# Brief:
What is needed is an exact transcription of every record, minus the pictures.

# Dataset records:
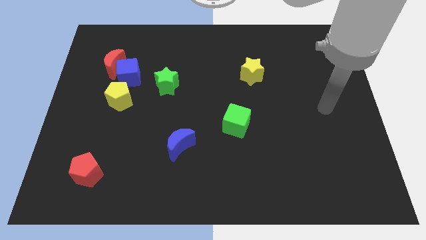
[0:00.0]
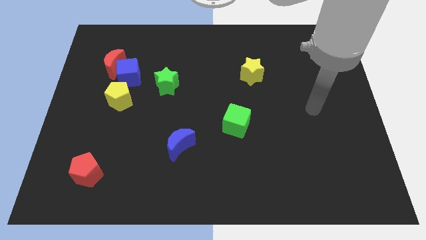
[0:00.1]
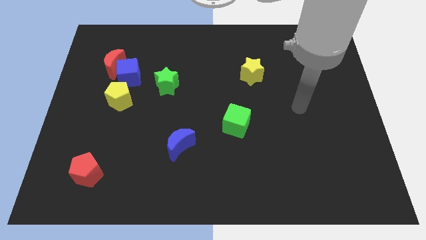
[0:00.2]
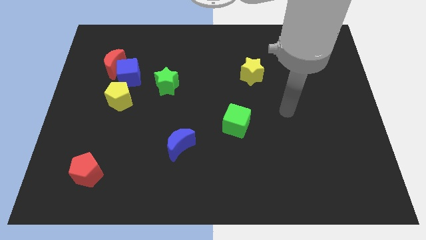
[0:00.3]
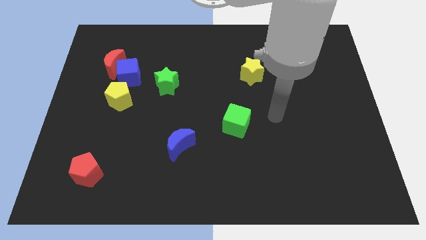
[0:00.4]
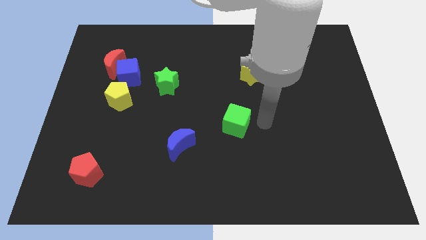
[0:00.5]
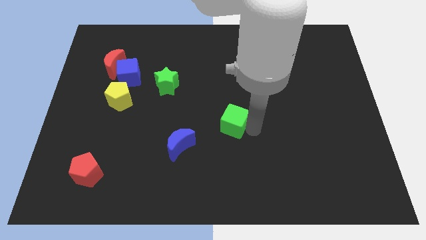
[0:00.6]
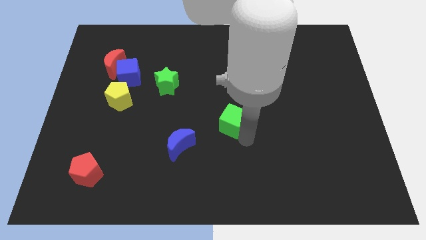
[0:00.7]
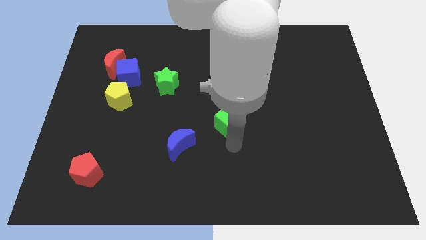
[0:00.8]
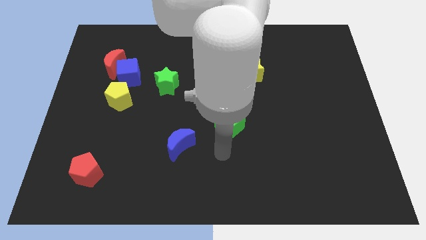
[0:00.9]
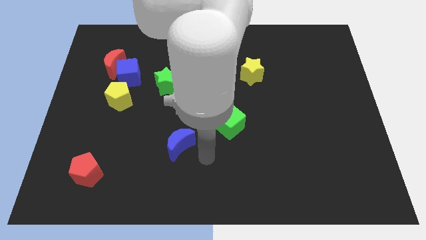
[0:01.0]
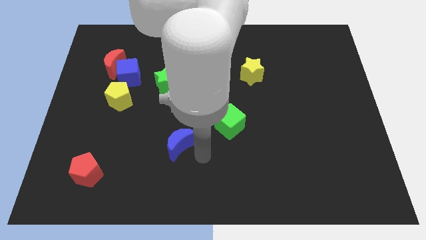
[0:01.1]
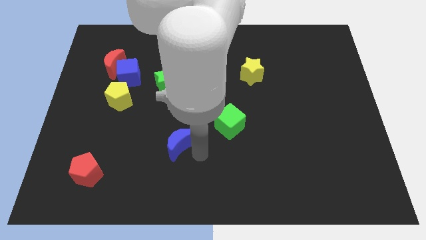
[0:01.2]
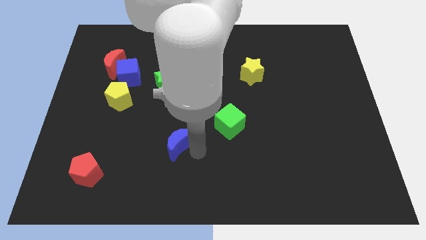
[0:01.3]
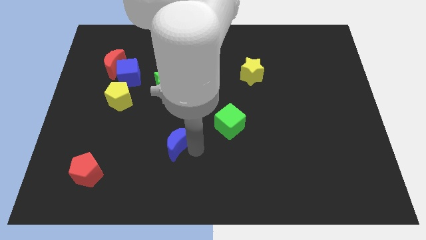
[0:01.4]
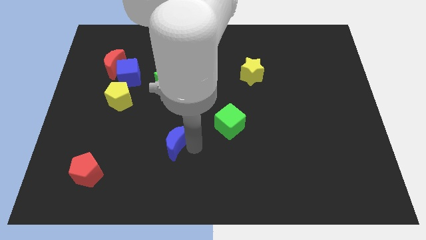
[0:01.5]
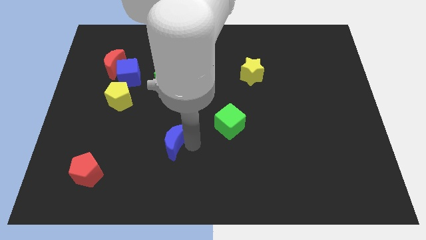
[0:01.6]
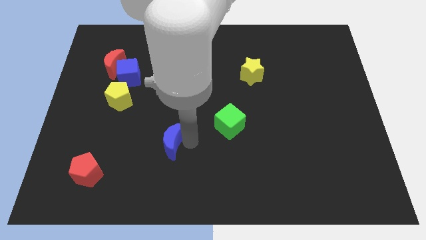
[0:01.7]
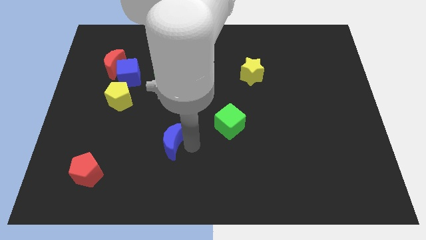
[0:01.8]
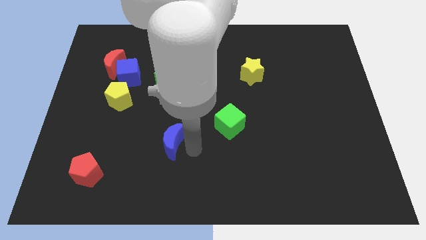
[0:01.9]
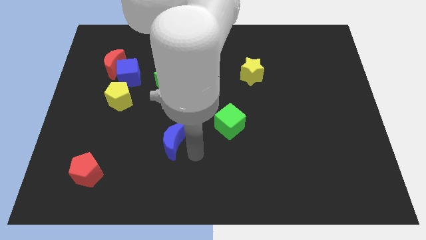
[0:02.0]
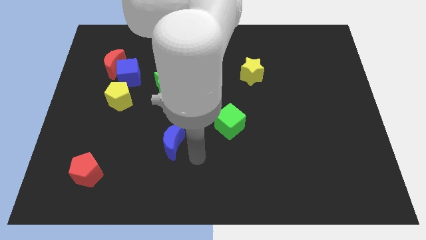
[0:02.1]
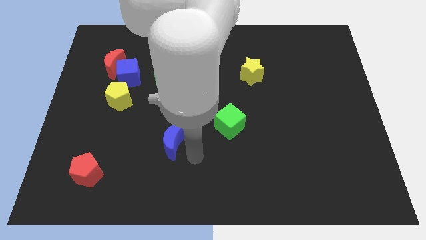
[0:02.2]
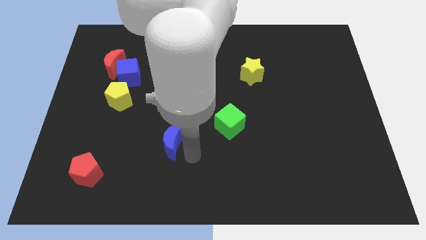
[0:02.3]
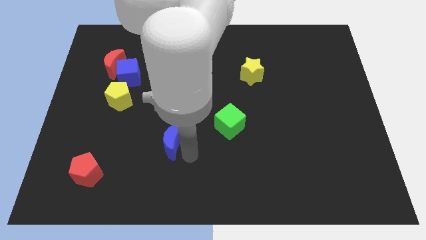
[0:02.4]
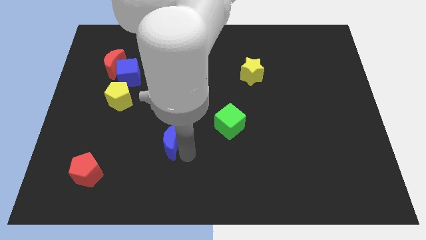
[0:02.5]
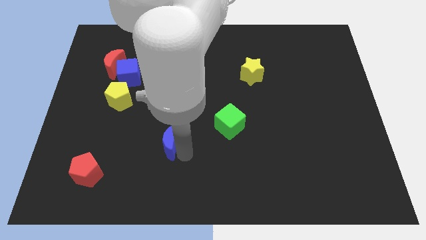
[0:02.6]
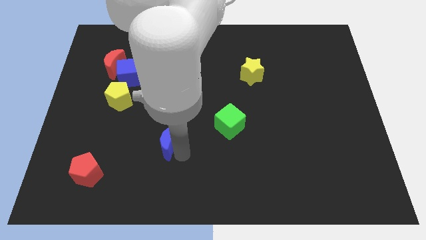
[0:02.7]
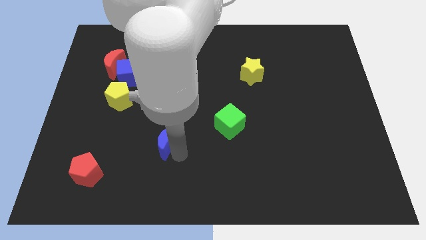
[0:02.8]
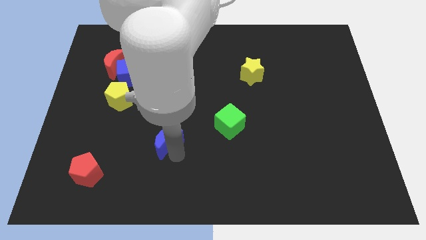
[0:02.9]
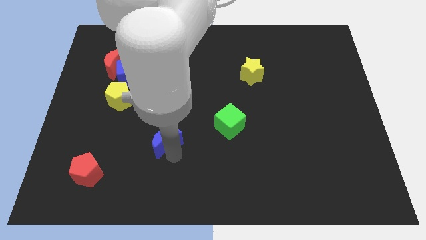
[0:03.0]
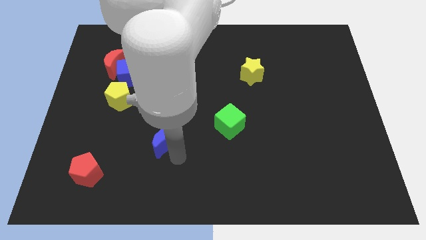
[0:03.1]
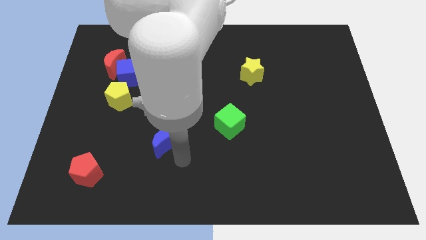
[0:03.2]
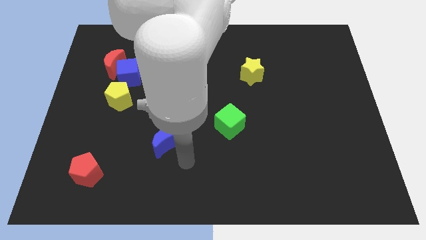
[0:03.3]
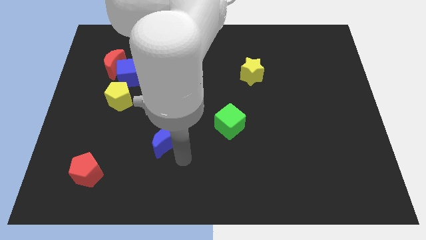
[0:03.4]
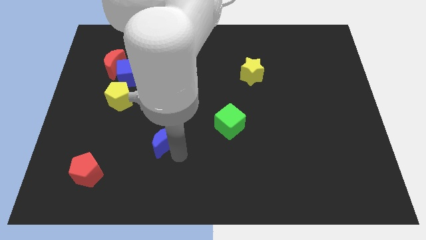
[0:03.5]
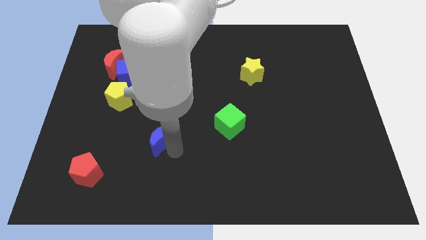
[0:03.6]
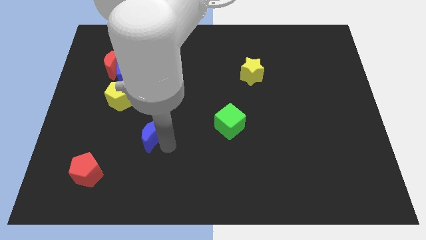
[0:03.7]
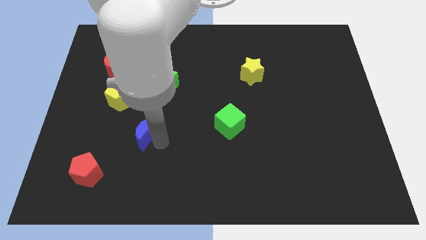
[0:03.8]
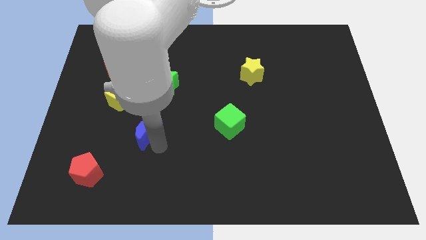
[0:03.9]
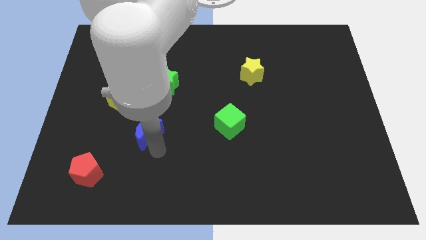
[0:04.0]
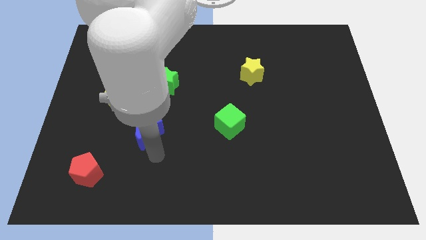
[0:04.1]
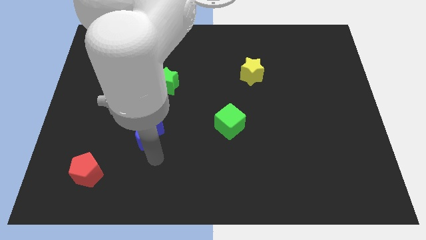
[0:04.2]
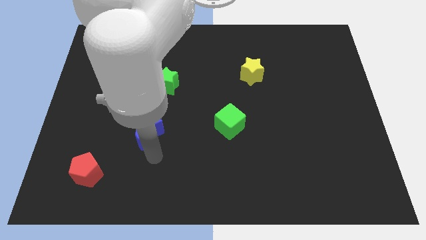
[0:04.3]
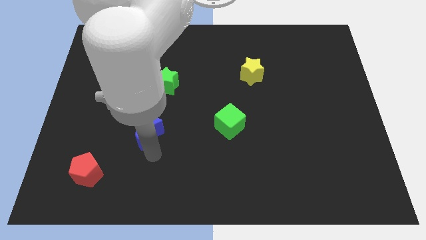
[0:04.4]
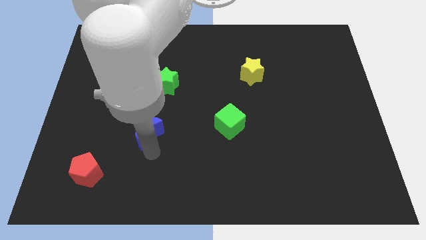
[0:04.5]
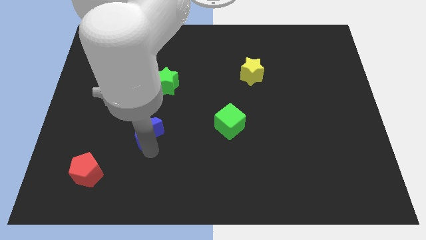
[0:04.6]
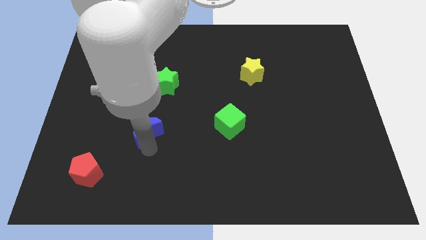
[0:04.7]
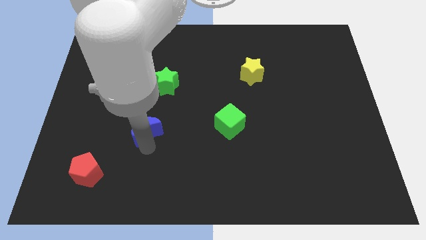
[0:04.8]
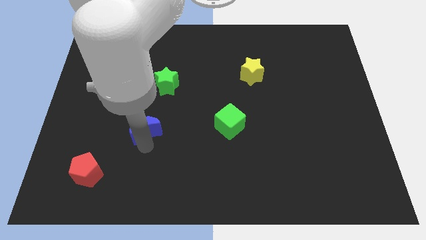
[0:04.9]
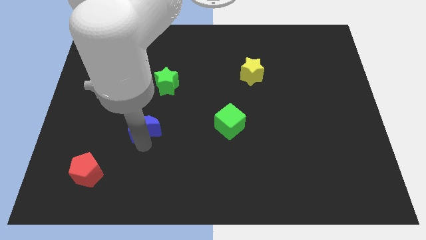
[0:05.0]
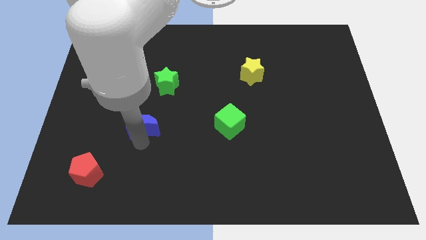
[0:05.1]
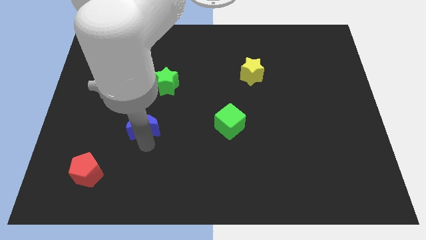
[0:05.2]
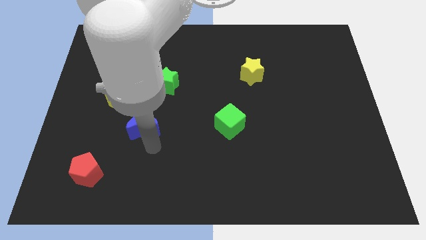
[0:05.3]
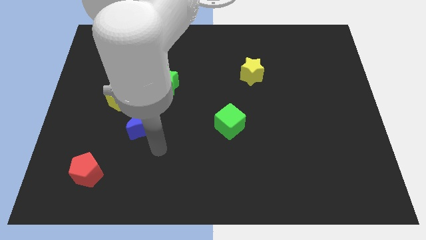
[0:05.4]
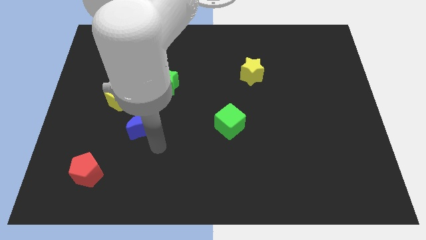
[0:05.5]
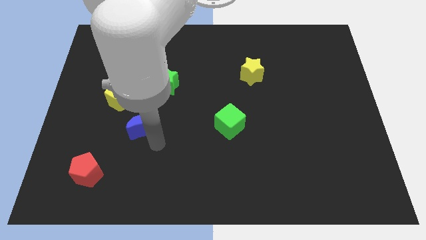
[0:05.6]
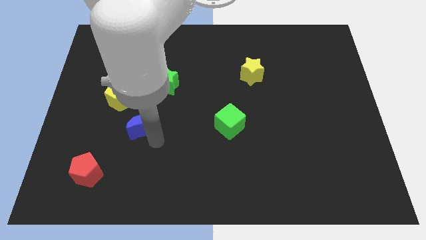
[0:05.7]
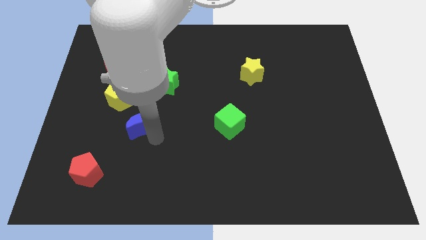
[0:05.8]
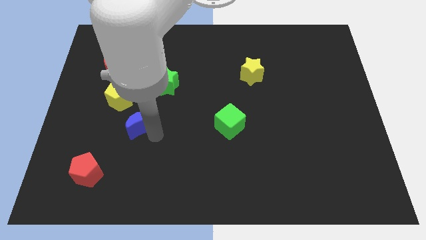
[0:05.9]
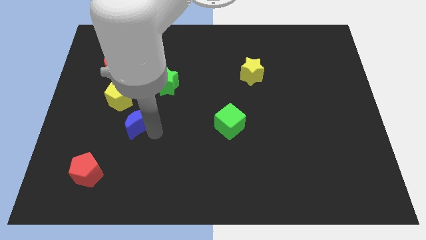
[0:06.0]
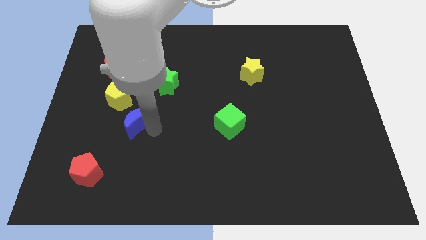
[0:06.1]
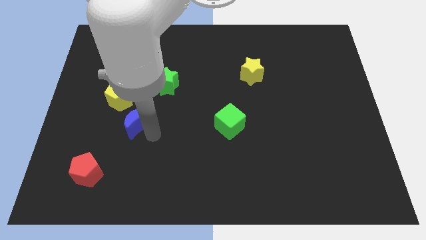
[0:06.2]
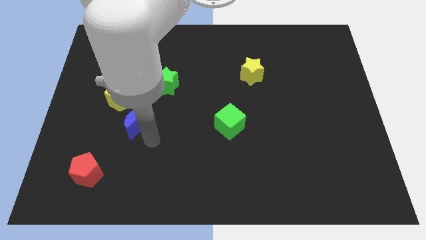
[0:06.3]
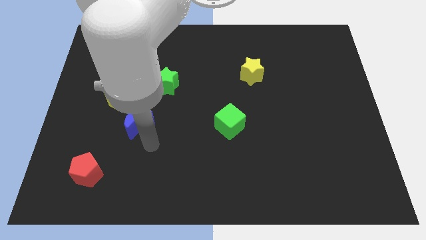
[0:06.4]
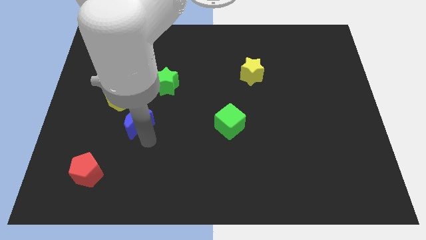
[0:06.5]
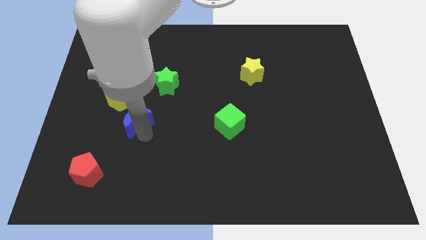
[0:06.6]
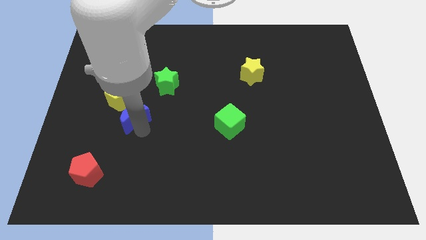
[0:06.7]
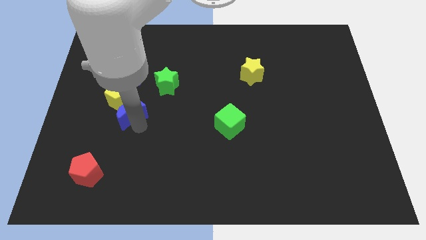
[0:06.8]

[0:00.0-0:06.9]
put the blue moon to the yellow pentagon

# Output:
[0:00.0]
[0:00.1]
[0:00.2]
[0:00.3]
[0:00.4]
[0:00.5]
[0:00.6]
[0:00.7]
[0:00.8]
[0:00.9]
[0:01.0]
[0:01.1]
[0:01.2]
[0:01.3]
[0:01.4]
[0:01.5]
[0:01.6]
[0:01.7]
[0:01.8]
[0:01.9]
[0:02.0]
[0:02.1]
[0:02.2]
[0:02.3]
[0:02.4]
[0:02.5]
[0:02.6]
[0:02.7]
[0:02.8]
[0:02.9]
[0:03.0]
[0:03.1]
[0:03.2]
[0:03.3]
[0:03.4]
[0:03.5]
[0:03.6]
[0:03.7]
[0:03.8]
[0:03.9]
[0:04.0]
[0:04.1]
[0:04.2]
[0:04.3]
[0:04.4]
[0:04.5]
[0:04.6]
[0:04.7]
[0:04.8]
[0:04.9]
[0:05.0]
[0:05.1]
[0:05.2]
[0:05.3]
[0:05.4]
[0:05.5]
[0:05.6]
[0:05.7]
[0:05.8]
[0:05.9]
[0:06.0]
[0:06.1]
[0:06.2]
[0:06.3]
[0:06.4]
[0:06.5]
[0:06.6]
[0:06.7]
[0:06.8]

[0:00.0-0:06.9]
put the blue moon to the yellow pentagon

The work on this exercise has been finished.